Many complex traits of interest come in the form of a binary variable (e.g., presence or absence of disease). Consequently, case-control genetic association analysis has an important role to play in elucidation of the genetic architecture of complex traits. Compared to analysis of continuous traits, analysis of binary traits presents particular modeling and computational challenges. Unlike a normal random variable, a binary random variable has its mean restricted to lie between 0 and 1 and has a fixed relationship between its mean and variance. When these features are combined with the need to account for covariates and for sample structure, by which we mean either population structure or family structure or both, in an association analysis, the resulting models can be computationally demanding or infeasible for large-scale analysis. In addition, issues of ascertainment arise even more commonly in case-control analysis than in continuous trait analysis. One concern about ascertainment is that it can be a major source of misspecification of the trait model in the ascertained sample. In general such model misspecification can lead to compromised type 1 error control and/or power loss.

In recent literature[1–3], it is common to suggest that an additive polygenic model on the linear scale, which is a type of linear mixed model (LMM), be used for binary trait analysis, ignoring the mean and variance restrictions on the binary trait. However, based on recent work[4, 5], we argue that this can result in a loss of power due to ignoring the special mean-variance structure of a binary trait. We also explore the advantages of a retrospective association analysis (in which the genotype at a tested variant is treated as random, and the analysis is performed conditional on the phenotype and covariates) compared to the more common prospective association analysis (in which the phenotype is treated as random, and the analysis is performed conditional on the genotype and covariates). We find that, compared to prospective association analysis, retrospective association analysis is less sensitive to phenotype model misspecification and less susceptible to power loss due to phenotype and covariate-based ascertainment. This is an important consideration in light of the fact that the trait model is typically unknown and considering the possibly strong effects of ascertainment.

Finally, we give an overview of two recently-developed methods, CARAT and CERAMIC, which account for covariate effects and sample structure in a way that is tailored for binary traits and which use retrospective association analysis to achieve robustness and high power in the presence of phenotype model misspecification. CARAT focuses on adjustment for population structure, while CERAMIC handles samples with related individuals and is able to incorporate partially missing data.

Binary trait modeling with covariates and sample structure

Consider a sample of n individuals, and let Y be a vector of length n whose ith element, Y_i, is the value of the binary phenotype for individual i. Suppose we also observe k – 1 ≥ 0 non-trivial covariates, encoded in an n × k design matrix, X, which always has a column of ones as its first column (representing an intercept term). Let X_i denote the ith row of X, i.e., X_i contains the covariate values for individual i. Suppose association is to be tested with a biallelic variant that is encoded in the vector, G, of length n, where G_i denotes the minor allele count (0, 1 or 2) of individual i at the tested variant.

A special feature of binary random variables is that the mean, μ, and variance, σ², of any given binary random variable are constrained by σ² = μ(1 – μ), 0 ≤ μ ≤ 1. Thus, in modeling the binary vector Y conditional on X and G, it is natural to (at least, initially) consider generalized linear models (GLMs) of the form

$$Y_i|\mathit{X},\mathit{G},~\text{Bernoulli}({\mu }_i),\text{independently},\text{with}g({\mu }_i)={\mathit{X}}_i\mathit{\beta }+G_i\gamma ,i=1,\cdots ,n,$$ (1)
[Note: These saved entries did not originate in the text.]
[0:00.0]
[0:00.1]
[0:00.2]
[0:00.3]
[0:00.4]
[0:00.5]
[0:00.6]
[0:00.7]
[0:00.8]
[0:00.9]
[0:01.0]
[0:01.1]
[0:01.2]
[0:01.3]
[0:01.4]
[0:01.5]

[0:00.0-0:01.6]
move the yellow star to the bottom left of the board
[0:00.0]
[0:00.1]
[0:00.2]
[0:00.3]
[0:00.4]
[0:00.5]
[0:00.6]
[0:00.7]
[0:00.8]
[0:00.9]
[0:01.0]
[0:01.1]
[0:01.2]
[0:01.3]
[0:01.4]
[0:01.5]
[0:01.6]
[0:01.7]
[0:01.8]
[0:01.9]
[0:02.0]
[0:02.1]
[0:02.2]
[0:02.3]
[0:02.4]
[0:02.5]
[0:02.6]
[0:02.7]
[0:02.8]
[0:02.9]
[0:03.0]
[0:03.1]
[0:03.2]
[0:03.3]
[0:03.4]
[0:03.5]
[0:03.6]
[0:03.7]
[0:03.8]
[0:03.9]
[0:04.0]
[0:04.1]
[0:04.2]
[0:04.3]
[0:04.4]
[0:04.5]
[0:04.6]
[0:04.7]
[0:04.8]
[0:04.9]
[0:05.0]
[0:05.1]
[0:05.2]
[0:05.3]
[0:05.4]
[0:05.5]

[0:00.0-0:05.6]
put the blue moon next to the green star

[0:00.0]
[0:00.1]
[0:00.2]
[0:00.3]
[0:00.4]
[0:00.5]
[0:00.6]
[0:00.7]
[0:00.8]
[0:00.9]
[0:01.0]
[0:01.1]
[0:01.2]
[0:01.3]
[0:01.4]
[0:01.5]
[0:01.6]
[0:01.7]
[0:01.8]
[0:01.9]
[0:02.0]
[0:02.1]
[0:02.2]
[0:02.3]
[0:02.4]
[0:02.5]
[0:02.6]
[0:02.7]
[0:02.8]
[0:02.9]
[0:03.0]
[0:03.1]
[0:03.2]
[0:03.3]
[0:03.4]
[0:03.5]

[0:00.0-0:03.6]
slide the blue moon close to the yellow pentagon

where β is a k-dimensional vector of unknown covariate effects, γ is the unknown scalar association parameter, and g is a known link function. For example, logistic regression would correspond to the choice of the logit link function for g, while a liability threshold model would correspond to the choice of the probit link function for g.

When the binary phenotype Y represents a complex trait, we would typically expect it to be influenced by additional genetic loci beyond the tested variant G. When there is also relatedness or population structure among the sampled individuals, then the effects of additional genetic loci would typically lead to misspecification of the model in equation 1, unless these effects were taken into account somehow. If sample structure were known (or could be estimated from genome-wide data) and could be well-modeled by including a small number of fixed effects (e.g. population membership indicators or principal components), then these could be included in the covariate matrix X. However, with many types of sample structure, including related individuals, admixture and other non-trivial types of population structure, such an approach can be inadequate.

For continuously-varying traits, a time-honored (and newly popular) approach to this problem is to use a LMM. For example, when additive polygenic effects and independent noise are modeled, the LMM could be written as

$$\mathit{Y}=\mathit{X}\mathit{\beta }+\mathit{G}\gamma +\mathit{\epsilon },\mathit{\epsilon }~N(0,{\sigma }_a^2\mathbf{\Phi }+{\sigma }_e^2\mathit{I}),$$ (2)

where ${\sigma }_a^2$ and ${\sigma }_e^2$ are variance component parameters corresponding to additive polygenic effects and environmental errors, respectively, and where Φ is an n × n genetic relationship matrix that quantifies the overall genetic similarity between individuals. For example, Φ could be the kinship matrix[6] computed from a known pedigree, or it could be an empirical genetic relatedness matrix[1, 7] computed from genome-wide data. Association analysis of a continuous trait by testing the null hypothesis γ = 0 in the LMM of equation 2 has the advantage of working well (in terms of type 1 error and power) for a variety of types of population structure. It is frequently suggested that association analysis of binary traits be carried out in the same way[1–3].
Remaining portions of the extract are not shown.